### What you will do
Could you output exactly the lines running from the one containing "Since image 1, 2.4 s passed." to the final line of the listing below, leaving out pictures?

Top of Provided records

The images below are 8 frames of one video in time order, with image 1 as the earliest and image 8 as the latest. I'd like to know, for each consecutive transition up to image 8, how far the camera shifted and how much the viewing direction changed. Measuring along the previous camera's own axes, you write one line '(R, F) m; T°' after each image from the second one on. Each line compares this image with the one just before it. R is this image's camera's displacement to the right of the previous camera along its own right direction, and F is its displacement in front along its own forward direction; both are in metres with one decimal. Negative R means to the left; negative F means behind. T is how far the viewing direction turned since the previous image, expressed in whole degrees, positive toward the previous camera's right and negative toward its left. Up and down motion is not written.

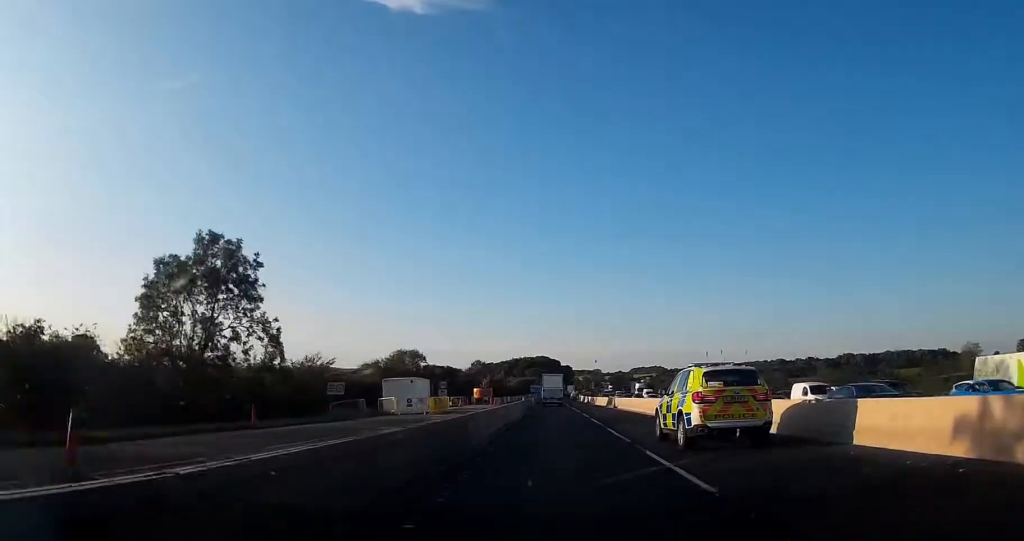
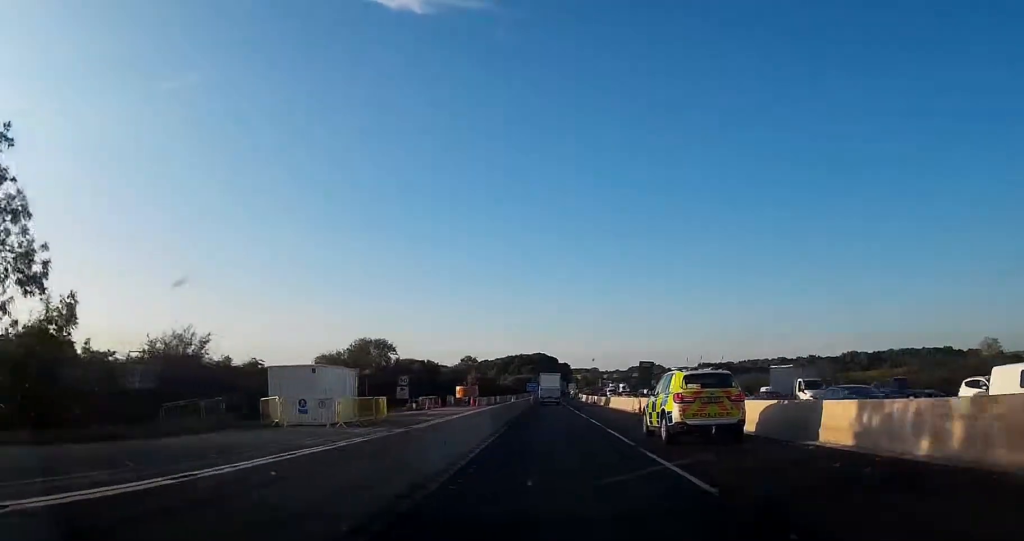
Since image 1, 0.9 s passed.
(0.0, +18.4) m; 0°
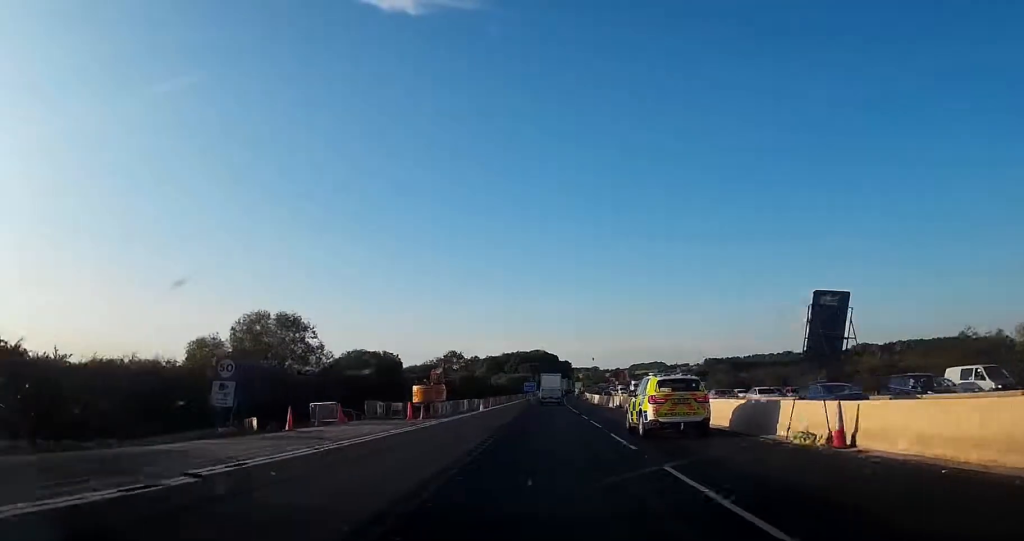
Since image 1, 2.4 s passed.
(+0.1, +29.9) m; 0°
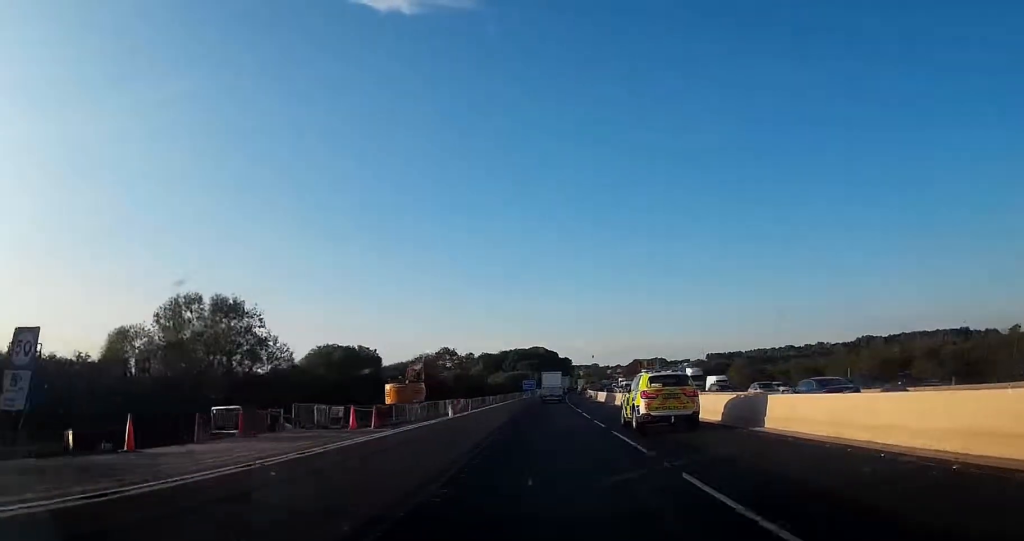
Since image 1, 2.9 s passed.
(0.0, +10.8) m; 0°
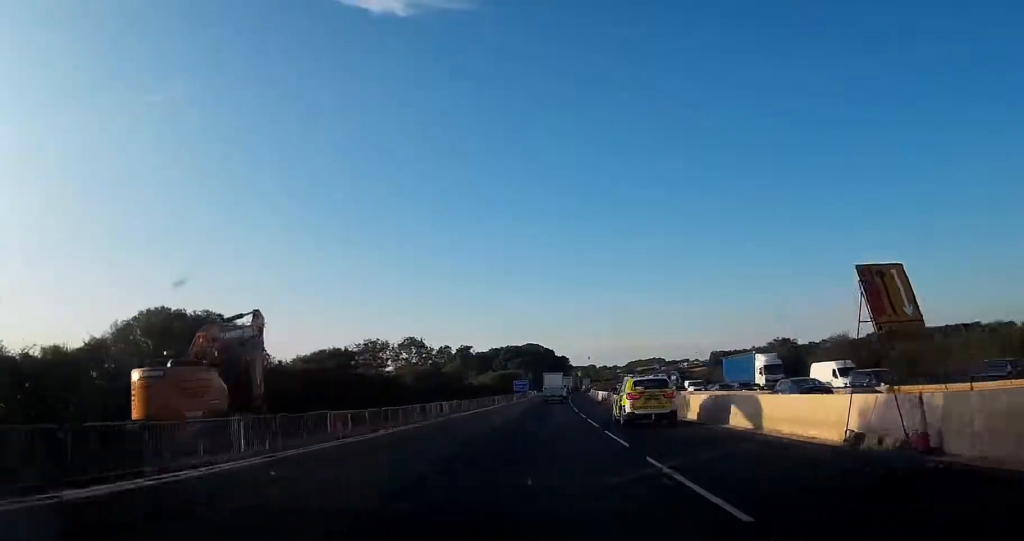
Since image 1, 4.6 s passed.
(-0.1, +33.4) m; 0°
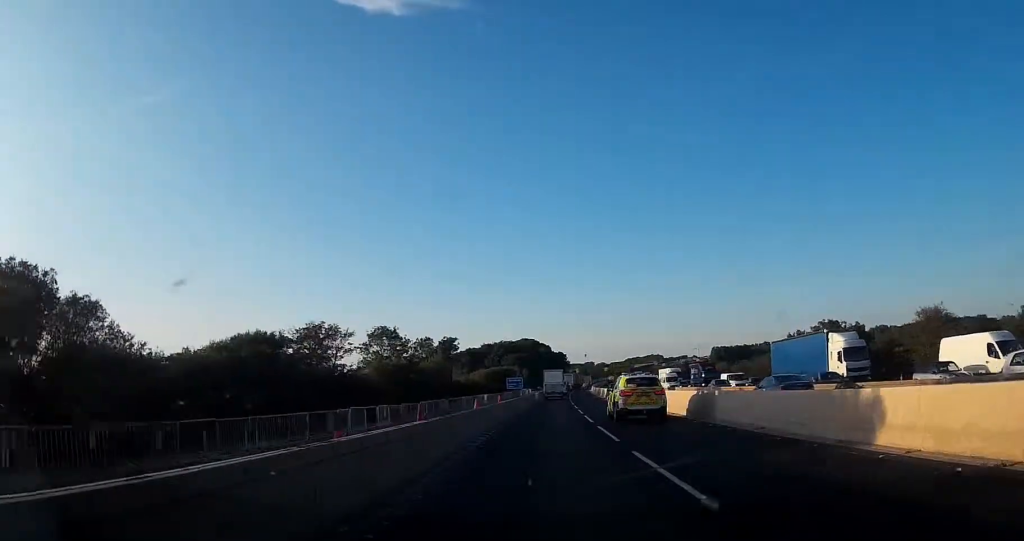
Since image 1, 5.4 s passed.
(+0.1, +17.4) m; +1°
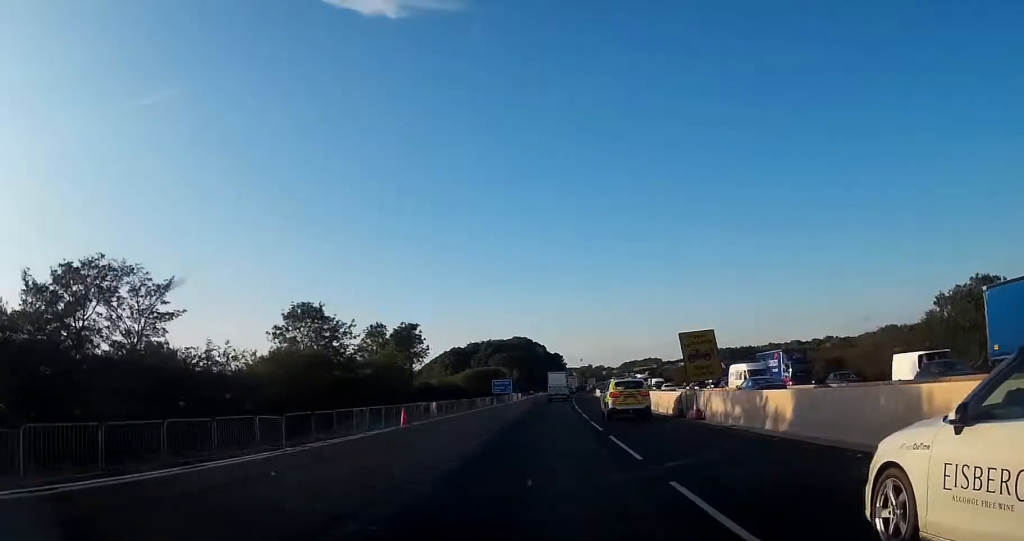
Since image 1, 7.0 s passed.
(+0.1, +30.8) m; 0°
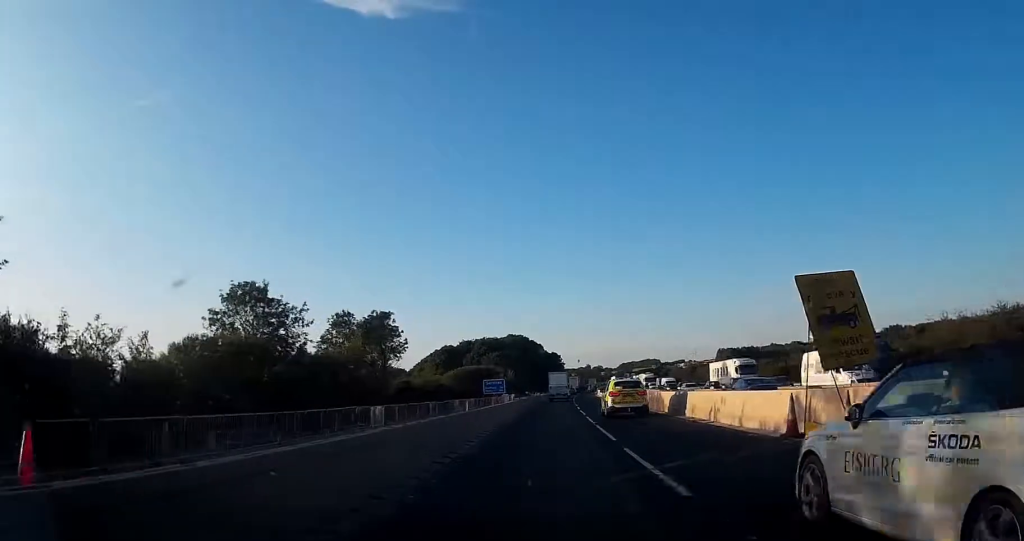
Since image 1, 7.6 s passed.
(0.0, +13.4) m; 0°

Bottom of Provided records

### Written solution
Since image 1, 2.4 s passed.
(+0.1, +29.9) m; 0°
Since image 1, 2.9 s passed.
(0.0, +10.8) m; 0°
Since image 1, 4.6 s passed.
(-0.1, +33.4) m; 0°
Since image 1, 5.4 s passed.
(+0.1, +17.4) m; +1°
Since image 1, 7.0 s passed.
(+0.1, +30.8) m; 0°
Since image 1, 7.6 s passed.
(0.0, +13.4) m; 0°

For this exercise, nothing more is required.